[Opening Data records section]

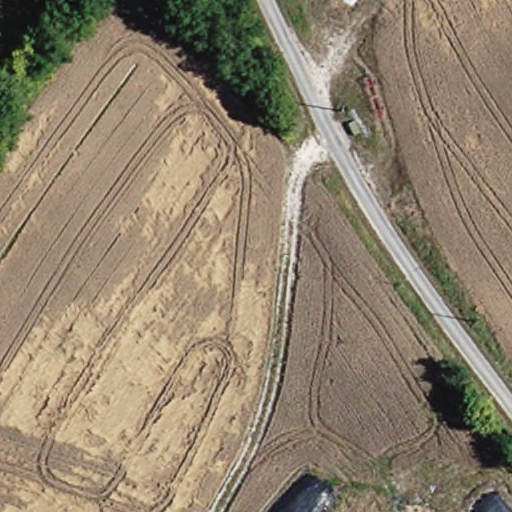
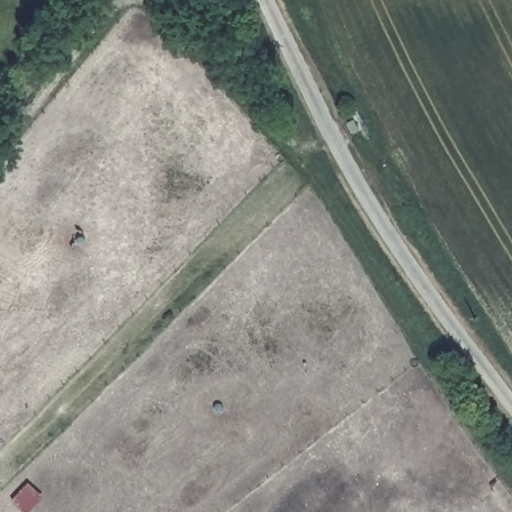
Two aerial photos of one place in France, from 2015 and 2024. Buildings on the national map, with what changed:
[]

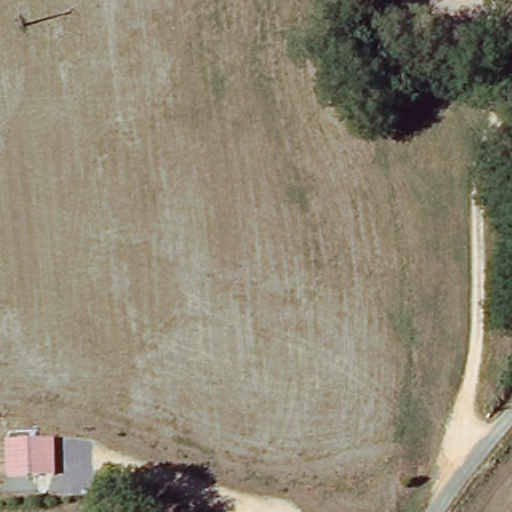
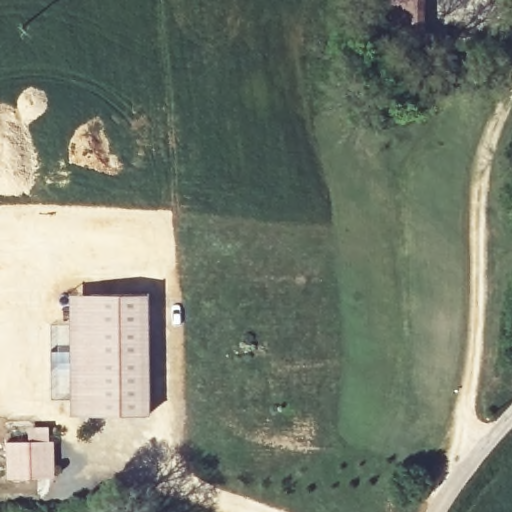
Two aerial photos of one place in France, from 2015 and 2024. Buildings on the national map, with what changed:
new [(394,0),(426,0),(426,32),(394,32),(394,0)]
new [(88,295),(89,416),(69,416),(68,295),(88,295)]
new [(145,295),(146,415),(89,416),(88,295),(145,295)]
unchanged [(5,440),(54,440),(55,477),(6,477),(5,440)]

[Closing Data records section]

• **How to complete this task**
Aside from the pictures, copy all of the entries exactly.

• **Response**
Two aerial photos of one place in France, from 2015 and 2024. Buildings on the national map, with what changed:
[]

Two aerial photos of one place in France, from 2015 and 2024. Buildings on the national map, with what changed:
new [(394,0),(426,0),(426,32),(394,32),(394,0)]
new [(88,295),(89,416),(69,416),(68,295),(88,295)]
new [(145,295),(146,415),(89,416),(88,295),(145,295)]
unchanged [(5,440),(54,440),(55,477),(6,477),(5,440)]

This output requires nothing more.